Extracted records:
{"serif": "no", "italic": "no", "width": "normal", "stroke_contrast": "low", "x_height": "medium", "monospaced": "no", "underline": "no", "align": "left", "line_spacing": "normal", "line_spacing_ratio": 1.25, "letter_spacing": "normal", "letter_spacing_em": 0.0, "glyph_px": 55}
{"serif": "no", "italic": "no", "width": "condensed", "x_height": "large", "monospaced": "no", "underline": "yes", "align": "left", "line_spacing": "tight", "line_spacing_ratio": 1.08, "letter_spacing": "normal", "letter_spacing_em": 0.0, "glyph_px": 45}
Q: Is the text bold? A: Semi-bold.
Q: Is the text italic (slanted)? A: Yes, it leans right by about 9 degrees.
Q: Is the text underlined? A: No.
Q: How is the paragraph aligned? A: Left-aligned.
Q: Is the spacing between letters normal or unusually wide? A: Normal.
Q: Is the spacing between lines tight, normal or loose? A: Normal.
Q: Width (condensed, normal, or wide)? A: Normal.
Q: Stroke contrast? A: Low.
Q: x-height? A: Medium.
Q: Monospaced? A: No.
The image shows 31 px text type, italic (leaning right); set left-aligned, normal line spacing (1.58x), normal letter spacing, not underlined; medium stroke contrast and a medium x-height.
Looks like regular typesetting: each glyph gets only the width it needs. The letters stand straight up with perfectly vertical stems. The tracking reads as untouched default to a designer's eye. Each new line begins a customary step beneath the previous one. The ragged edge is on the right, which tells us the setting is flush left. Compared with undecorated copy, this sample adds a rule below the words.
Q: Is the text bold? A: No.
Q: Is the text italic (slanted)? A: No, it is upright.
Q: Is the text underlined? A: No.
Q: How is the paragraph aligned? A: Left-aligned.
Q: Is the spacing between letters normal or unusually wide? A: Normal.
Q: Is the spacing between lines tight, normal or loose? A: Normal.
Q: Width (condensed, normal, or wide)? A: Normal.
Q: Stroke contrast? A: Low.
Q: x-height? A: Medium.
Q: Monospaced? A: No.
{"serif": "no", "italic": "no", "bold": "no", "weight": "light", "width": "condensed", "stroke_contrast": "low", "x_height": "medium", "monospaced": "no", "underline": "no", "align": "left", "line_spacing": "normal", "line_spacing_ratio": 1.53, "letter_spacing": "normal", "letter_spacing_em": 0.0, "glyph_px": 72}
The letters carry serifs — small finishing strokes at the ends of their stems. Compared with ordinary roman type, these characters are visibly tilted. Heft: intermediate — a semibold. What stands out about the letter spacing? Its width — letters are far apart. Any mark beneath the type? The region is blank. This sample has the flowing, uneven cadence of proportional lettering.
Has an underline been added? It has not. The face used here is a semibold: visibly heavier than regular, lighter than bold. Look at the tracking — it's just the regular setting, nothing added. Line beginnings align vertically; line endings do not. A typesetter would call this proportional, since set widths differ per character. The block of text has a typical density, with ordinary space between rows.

*Exercise*. Lines from the top of the data above through the line with "The image shows", both ends included: copy them exactly, nothing more.

*Final answer*.
{"serif": "no", "italic": "no", "width": "normal", "stroke_contrast": "low", "x_height": "medium", "monospaced": "no", "underline": "no", "align": "left", "line_spacing": "normal", "line_spacing_ratio": 1.25, "letter_spacing": "normal", "letter_spacing_em": 0.0, "glyph_px": 55}
{"serif": "no", "italic": "no", "width": "condensed", "x_height": "large", "monospaced": "no", "underline": "yes", "align": "left", "line_spacing": "tight", "line_spacing_ratio": 1.08, "letter_spacing": "normal", "letter_spacing_em": 0.0, "glyph_px": 45}
Q: Is the text bold? A: Semi-bold.
Q: Is the text italic (slanted)? A: Yes, it leans right by about 9 degrees.
Q: Is the text underlined? A: No.
Q: How is the paragraph aligned? A: Left-aligned.
Q: Is the spacing between letters normal or unusually wide? A: Normal.
Q: Is the spacing between lines tight, normal or loose? A: Normal.
Q: Width (condensed, normal, or wide)? A: Normal.
Q: Stroke contrast? A: Low.
Q: x-height? A: Medium.
Q: Monospaced? A: No.
The image shows 31 px text type, italic (leaning right); set left-aligned, normal line spacing (1.58x), normal letter spacing, not underlined; medium stroke contrast and a medium x-height.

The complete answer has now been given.